Guy Lodge 

Streaming: Netflix’s new Christmas films

It’s a Wonderful Life they aren’t, but four new festive Netflix movies could be just the harmless mood-setting you need
  
  

Kurt Russell’s Santa steals the show in The Christmas Chronicles.
‘Forget the kids…’: Kurt Russell’s Santa steals the show in The Christmas Chronicles. Photograph: Michael Gibson/Netflix

Christmas classics are hard to make. In film, as in pop music, for every festive entertainment that manages to become firmly entrenched in the public imagination, dozens of others are put out with the wilted fir trees and broken baubles once the cheer subsides. They may be revived at the hands of desperate TV schedulers, but in the 15 years since Richard Curtis’s Love Actually announced itself as a love-it-or-hate-it mainstay of the season, not much has managed the same status.

Netflix, however, appears to have designs on saving the modern Christmas movie – heavily promoting at least four chirpy new Yuletide-themed originals designed to be watched with equal glee by uncynical kids and irony-inclined revellers in search of drinking-game fodder. If The Christmas Chronicles, The Princess Switch, A Christmas Prince: The Royal Wedding and The Holiday Calendar all sound like titles generated by a computer program tasked with formulating family-friendly December fare, the films themselves play much the same way. They’re all of a piece in their upbeat, brightly lit inoffensiveness, peddling sugary, non-alcoholic Christmas spirit with blandly determined zeal.

Which isn’t to say they aren’t fit for purpose. Christmas is not a time for great concentration, after all, and there’s something oddly appealing about these films’ tinkly, undemanding sweetness. Like the cinematic equivalent of a Michael Bublé holiday album, they may even work best as background mood-setting for festive partying or preparations. In flooding their service with so many at once, Netflix has rather cannily realised how perfectly their streaming model aligns with the essential disposability of this genre: you wouldn’t pay to watch them in a cinema, but some films aren’t for life, just for Christmas.
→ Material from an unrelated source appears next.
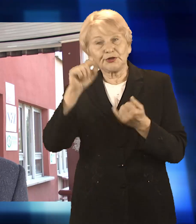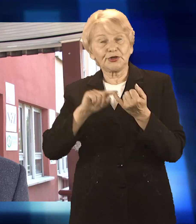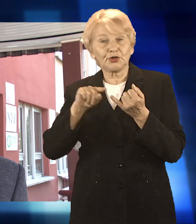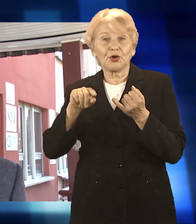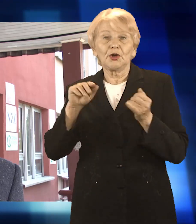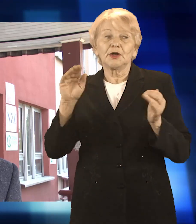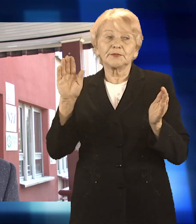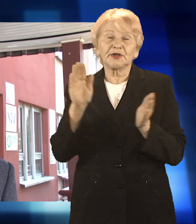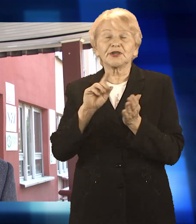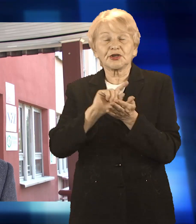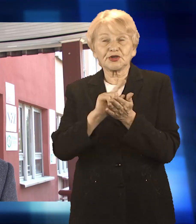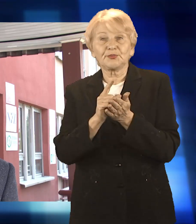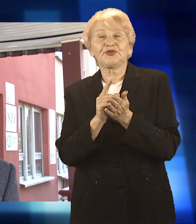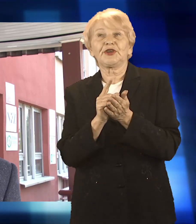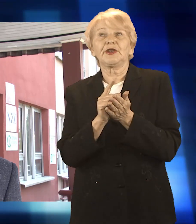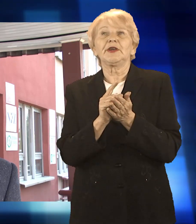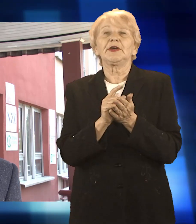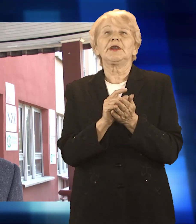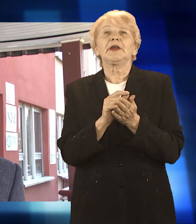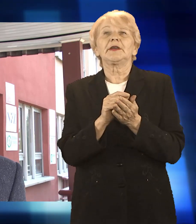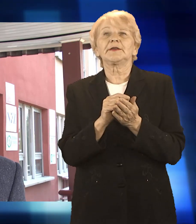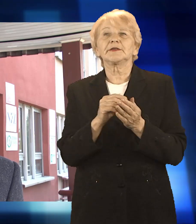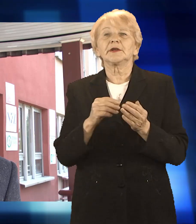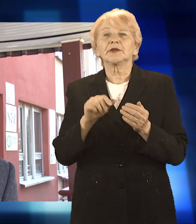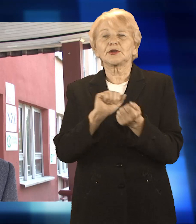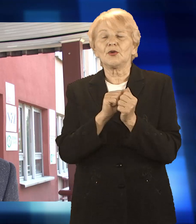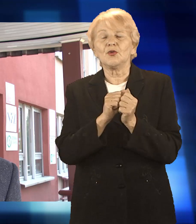dezorganizuje pracę. Przydałoby się tych rąk do pracy więcej.
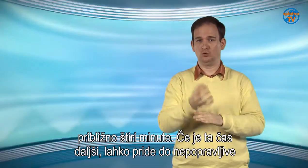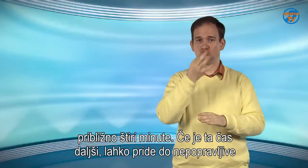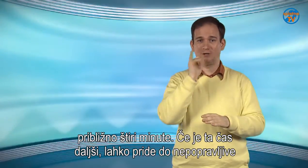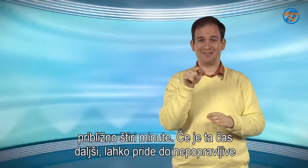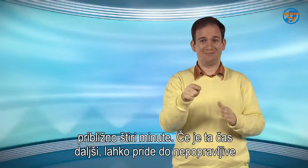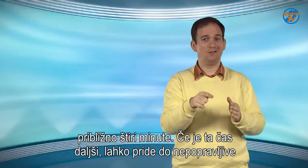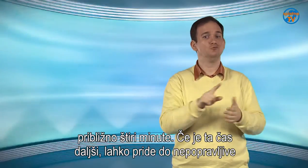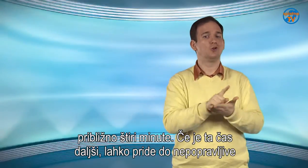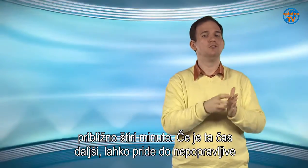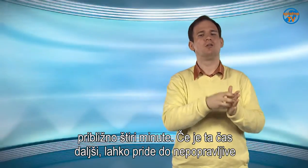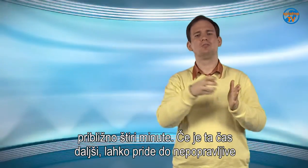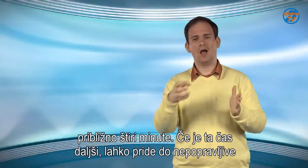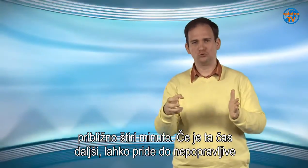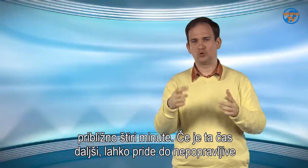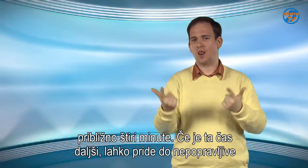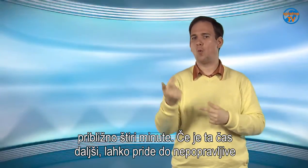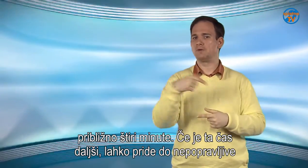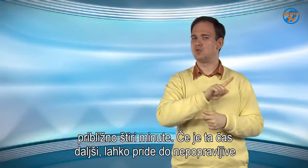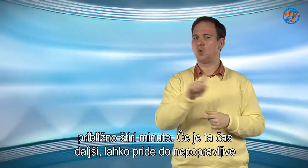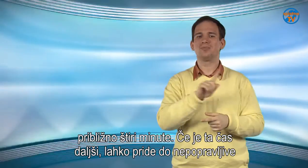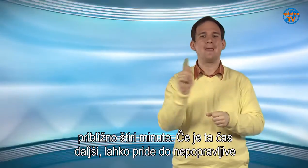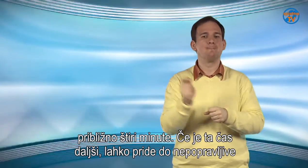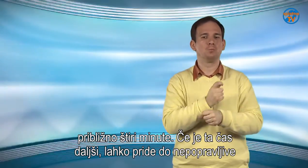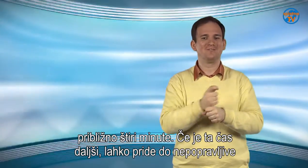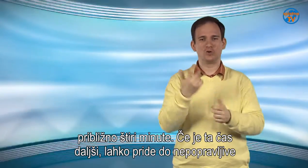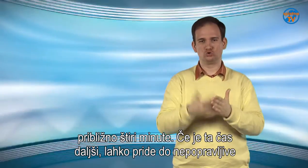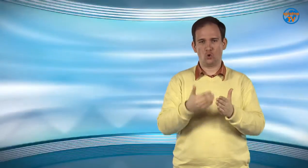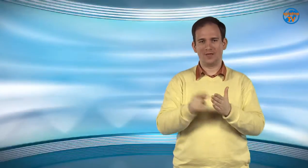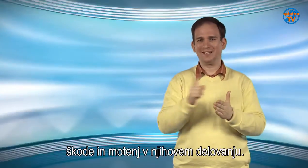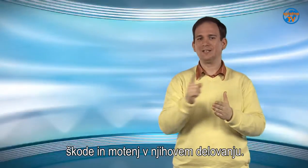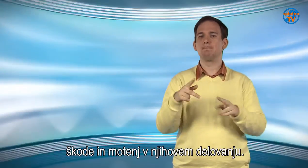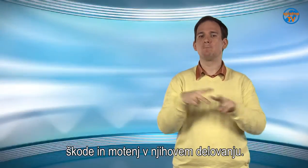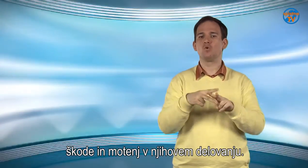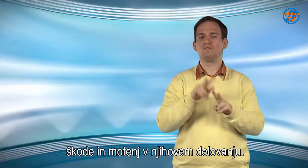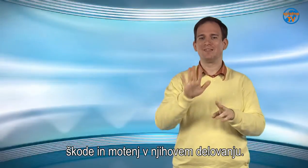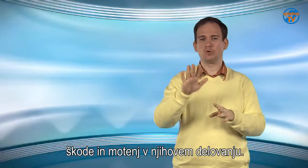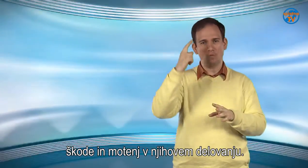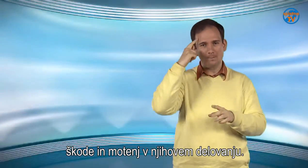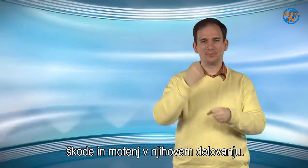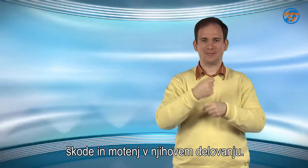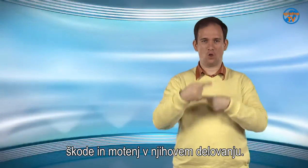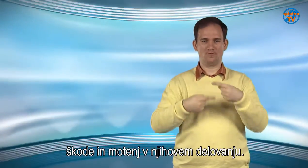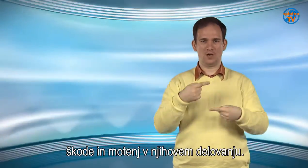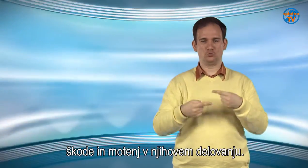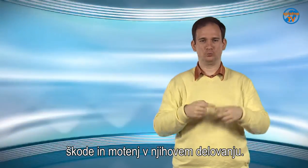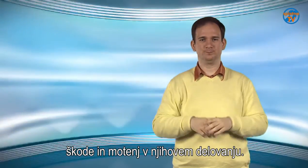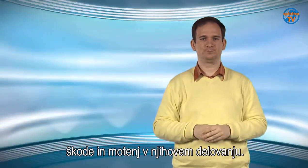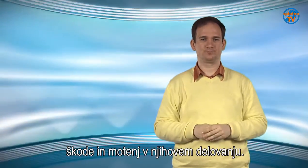Če je ta čas daljši, lahko pride do nepopravljive škode in moten v njihovem delovanju.

Watch the trailer for Netflix’s The Christmas Chronicles.

It’s worked, too: rather as Netflix succeeded early this year with a slew of small-scale, youth-targeted romantic comedies, the immediate pop-cultural cachet and social media presence of these films has been surprisingly high. Taken individually, The Christmas Chronicles is the most palatable of the lot, thanks almost entirely to a wily, charismatic turn by Kurt Russell as Saint Nick himself, mired in some nonsense about two cutesy siblings tasked with saving the holiday after crashing Santa’s sleigh. Forget the kids; Russell’s Santa performing a festive jailhouse-rock musical number is entirely where it’s at.

Give or take some plot mechanics, meanwhile, The Princess Switch and A Christmas Prince: The Royal Wedding (a sequel to last year’s A Christmas Prince, though you’re unlikely to notice if you cue up the wrong one) are all but indistinguishable in their tweeny, pumpkin-spice foaminess – but in a pleasantly anodyne way. Cookie-cutter romcom The Holiday Calendar practically evaporates as you watch it, but at least its diverse, likable ensemble stands out in a genre that tends to give another meaning to White Christmas.

Watch the trailer for Dumplin’.

Will people return to any of these in a year’s – much less 10 years’ – time? Possibly not, though Netflix will surely have a new batch lined up. None has the sincere, sticks-in-your-head charm of another family-targeted Netflix original released last week, one with no Christmassy theme but plenty of good cheer. Irresistibly fuelled by a nonstop Dolly Parton soundtrack, with winning performances from Danielle Macdonald and Jennifer Aniston, Anne Fletcher’s Texas coming-of-age comedy Dumplin’ follows a plus-size teen’s foray into the realm of junior beauty pageants with surprisingly uncloying lessons in body positivity and broad-mindedness, neither shaming nor patronising any of its characters. It may largely unfold under sunny southern skies, but its blending of Dolly, drag queens and can-do spirit felt festive enough to me.

New to streaming & DVD this week

Girl With Green Eyes (BFI, PG)
A rarely discussed gem of mid-1960s British realism (below), finally given loving Blu-ray treatment. A delicate, wistful tale of an Irish convent girl’s romantic education, adapted by Edna O’Brien from her own novel.

Postcards from London (Peccadillo, 15)
Steve McLean channels Jarman and Fassbinder for this hyper-stylised study of a young rent boy making sensual and intellectual discoveries in old-school Soho, but it’s all rather academically mannered.

Return of the Hero (StudioCanal, 12)
Jean Dujardin smarms and charms his way through this minor French petit four, his old-school star quality giving a lift to its pretty, frilly period farce.

When a Stranger Calls (Second Sight, 12)
Oddly missing its Halloween cue, this is a sleek, tricked-out reissue of the still-effective late-1970s chiller that inspired Wes Anderson’s Scream, with its more negligible TV sequel among the extras.